START SUPPLIED DATA
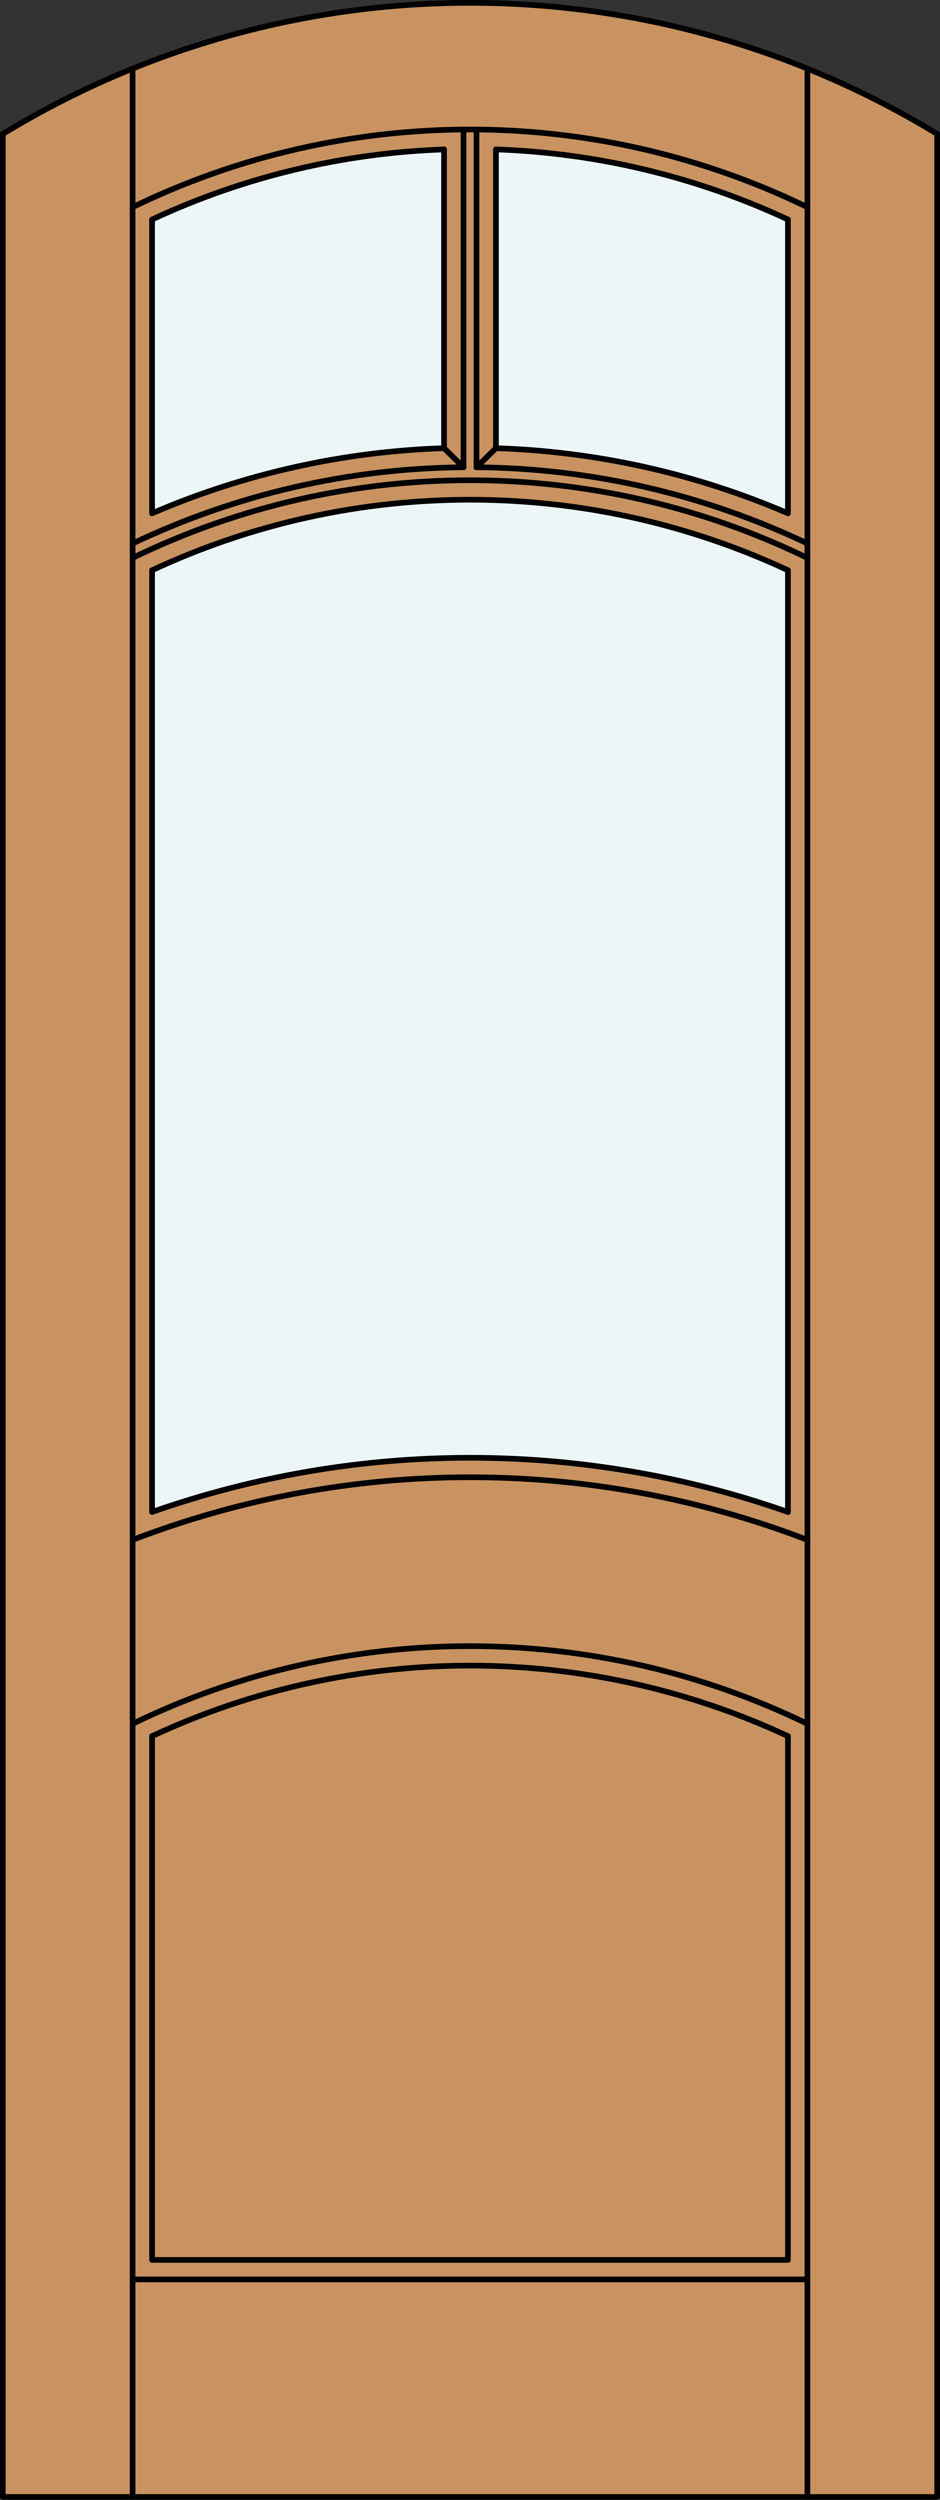 <?xml version="1.0" encoding="iso-8859-1"?>
<!-- Generator: Adobe Illustrator 14.0.0, SVG Export Plug-In . SVG Version: 6.00 Build 43363)  -->
<!DOCTYPE svg PUBLIC "-//W3C//DTD SVG 1.1//EN" "http://www.w3.org/Graphics/SVG/1.1/DTD/svg11.dtd">
<svg version="1.1" xmlns="http://www.w3.org/2000/svg" xmlns:xlink="http://www.w3.org/1999/xlink" x="0px" y="0px"
	 width="83.012px" height="220.531px" viewBox="0 0 83.012 220.531" style="enable-background:new 0 0 83.012 220.531;"
	 xml:space="preserve">
<rect x="0" y="0" width="83.012" height="220.531" fill="#333333" stroke="none"/>
<style type="text/css">
<![CDATA[
	.st0{fill:#EDF6F6;}
	.st1{fill:#C89361;}
	.st2{fill:none;stroke:#000000;stroke-width:0.5;stroke-linecap:round;stroke-linejoin:round;}
]]>
</style>
<g id="DOOR_FILL">
	<path class="st1" d="M0.25,11.816c25.342-15.422,57.17-15.422,82.512,0v208.465H0.25V11.816z"/>
</g>
<g id="GLASS">
	<path class="st0" d="M69.583,133.385c-18.175-6.377-37.979-6.377-56.154,0V50.306c17.799-8.295,38.355-8.295,56.154,0V133.385z"/>
	<path class="st0" d="M43.798,39.537V13.182c8.923,0.308,17.692,2.41,25.785,6.182v25.92C61.423,41.772,52.677,39.824,43.798,39.537
		z"/>
	<path class="st0" d="M13.429,45.283v-25.92c8.093-3.771,16.862-5.874,25.785-6.182v26.355
		C30.335,39.824,21.589,41.772,13.429,45.283z"/>
</g>
<g id="_x31_">
	<path class="st2" d="M71.302,135.848c-19.181-7.369-40.411-7.369-59.592,0"/>
	<line class="st2" x1="42.079" y1="41.222" x2="42.079" y2="11.423"/>
	<line class="st2" x1="42.079" y1="41.222" x2="43.798" y2="39.537"/>
	<path class="st2" d="M71.302,49.22c-18.813-9.14-40.779-9.14-59.592,0"/>
	<path class="st2" d="M40.933,41.222c-10.115,0.084-20.089,2.379-29.223,6.727"/>
	<path class="st2" d="M69.583,153.159c-17.799-8.295-38.355-8.295-56.154,0"/>
	<path class="st2" d="M39.214,13.182v26.355c-8.878,0.287-17.625,2.235-25.785,5.746"/>
	<polyline class="st2" points="0.25,11.816 0.25,220.281 82.762,220.281 82.762,11.816 	"/>
	<line class="st2" x1="11.71" y1="220.281" x2="11.71" y2="6.056"/>
	<line class="st2" x1="71.302" y1="220.281" x2="71.302" y2="6.056"/>
	<line class="st2" x1="69.583" y1="19.363" x2="69.583" y2="45.283"/>
	<line class="st2" x1="69.583" y1="50.306" x2="69.583" y2="133.385"/>
	<polyline class="st2" points="69.583,153.159 69.583,199.367 13.429,199.367 13.429,153.159 	"/>
	<line class="st2" x1="13.429" y1="133.385" x2="13.429" y2="50.306"/>
	<line class="st2" x1="13.429" y1="45.283" x2="13.429" y2="19.363"/>
	<path class="st2" d="M82.762,11.816C57.42-3.605,25.592-3.605,0.25,11.816"/>
	<path class="st2" d="M71.302,18.277c-18.813-9.139-40.779-9.139-59.592,0"/>
	<path class="st2" d="M69.583,19.363c-8.093-3.771-16.862-5.874-25.785-6.182"/>
	<path class="st2" d="M39.214,13.182c-8.923,0.308-17.692,2.41-25.785,6.182"/>
	<line class="st2" x1="71.302" y1="201.086" x2="11.71" y2="201.086"/>
	<path class="st2" d="M71.302,47.948c-9.133-4.348-19.108-6.643-29.223-6.727"/>
	<line class="st2" x1="40.933" y1="41.222" x2="40.933" y2="11.423"/>
	<path class="st2" d="M69.583,45.283c-8.16-3.511-16.906-5.459-25.785-5.746V13.182"/>
	<line class="st2" x1="39.214" y1="39.537" x2="40.933" y2="41.222"/>
	<path class="st2" d="M71.302,152.073c-18.813-9.14-40.779-9.14-59.592,0"/>
	<path class="st2" d="M69.583,133.385c-18.175-6.377-37.979-6.377-56.154,0"/>
	<path class="st2" d="M13.429,50.306c17.799-8.295,38.355-8.295,56.154,0"/>
</g>
<g id="_x30_">
</g>
<g id="Layer_1">
</g>
</svg>
END SUPPLIED DATA
WORK TASK: The job here is to retype the data exactly, with no pictures included.

EXERCISE RESPONSE:
 <?xml version="1.0" encoding="iso-8859-1"?>
<!-- Generator: Adobe Illustrator 14.0.0, SVG Export Plug-In . SVG Version: 6.00 Build 43363)  -->
<!DOCTYPE svg PUBLIC "-//W3C//DTD SVG 1.1//EN" "http://www.w3.org/Graphics/SVG/1.1/DTD/svg11.dtd">
<svg version="1.1" xmlns="http://www.w3.org/2000/svg" xmlns:xlink="http://www.w3.org/1999/xlink" x="0px" y="0px"
	 width="83.012px" height="220.531px" viewBox="0 0 83.012 220.531" style="enable-background:new 0 0 83.012 220.531;"
	 xml:space="preserve">
<rect x="0" y="0" width="83.012" height="220.531" fill="#333333" stroke="none"/>
<style type="text/css">
<![CDATA[
	.st0{fill:#EDF6F6;}
	.st1{fill:#C89361;}
	.st2{fill:none;stroke:#000000;stroke-width:0.5;stroke-linecap:round;stroke-linejoin:round;}
]]>
</style>
<g id="DOOR_FILL">
	<path class="st1" d="M0.25,11.816c25.342-15.422,57.17-15.422,82.512,0v208.465H0.25V11.816z"/>
</g>
<g id="GLASS">
	<path class="st0" d="M69.583,133.385c-18.175-6.377-37.979-6.377-56.154,0V50.306c17.799-8.295,38.355-8.295,56.154,0V133.385z"/>
	<path class="st0" d="M43.798,39.537V13.182c8.923,0.308,17.692,2.41,25.785,6.182v25.92C61.423,41.772,52.677,39.824,43.798,39.537
		z"/>
	<path class="st0" d="M13.429,45.283v-25.92c8.093-3.771,16.862-5.874,25.785-6.182v26.355
		C30.335,39.824,21.589,41.772,13.429,45.283z"/>
</g>
<g id="_x31_">
	<path class="st2" d="M71.302,135.848c-19.181-7.369-40.411-7.369-59.592,0"/>
	<line class="st2" x1="42.079" y1="41.222" x2="42.079" y2="11.423"/>
	<line class="st2" x1="42.079" y1="41.222" x2="43.798" y2="39.537"/>
	<path class="st2" d="M71.302,49.22c-18.813-9.14-40.779-9.14-59.592,0"/>
	<path class="st2" d="M40.933,41.222c-10.115,0.084-20.089,2.379-29.223,6.727"/>
	<path class="st2" d="M69.583,153.159c-17.799-8.295-38.355-8.295-56.154,0"/>
	<path class="st2" d="M39.214,13.182v26.355c-8.878,0.287-17.625,2.235-25.785,5.746"/>
	<polyline class="st2" points="0.25,11.816 0.25,220.281 82.762,220.281 82.762,11.816 	"/>
	<line class="st2" x1="11.71" y1="220.281" x2="11.71" y2="6.056"/>
	<line class="st2" x1="71.302" y1="220.281" x2="71.302" y2="6.056"/>
	<line class="st2" x1="69.583" y1="19.363" x2="69.583" y2="45.283"/>
	<line class="st2" x1="69.583" y1="50.306" x2="69.583" y2="133.385"/>
	<polyline class="st2" points="69.583,153.159 69.583,199.367 13.429,199.367 13.429,153.159 	"/>
	<line class="st2" x1="13.429" y1="133.385" x2="13.429" y2="50.306"/>
	<line class="st2" x1="13.429" y1="45.283" x2="13.429" y2="19.363"/>
	<path class="st2" d="M82.762,11.816C57.42-3.605,25.592-3.605,0.25,11.816"/>
	<path class="st2" d="M71.302,18.277c-18.813-9.139-40.779-9.139-59.592,0"/>
	<path class="st2" d="M69.583,19.363c-8.093-3.771-16.862-5.874-25.785-6.182"/>
	<path class="st2" d="M39.214,13.182c-8.923,0.308-17.692,2.41-25.785,6.182"/>
	<line class="st2" x1="71.302" y1="201.086" x2="11.71" y2="201.086"/>
	<path class="st2" d="M71.302,47.948c-9.133-4.348-19.108-6.643-29.223-6.727"/>
	<line class="st2" x1="40.933" y1="41.222" x2="40.933" y2="11.423"/>
	<path class="st2" d="M69.583,45.283c-8.16-3.511-16.906-5.459-25.785-5.746V13.182"/>
	<line class="st2" x1="39.214" y1="39.537" x2="40.933" y2="41.222"/>
	<path class="st2" d="M71.302,152.073c-18.813-9.14-40.779-9.14-59.592,0"/>
	<path class="st2" d="M69.583,133.385c-18.175-6.377-37.979-6.377-56.154,0"/>
	<path class="st2" d="M13.429,50.306c17.799-8.295,38.355-8.295,56.154,0"/>
</g>
<g id="_x30_">
</g>
<g id="Layer_1">
</g>
</svg>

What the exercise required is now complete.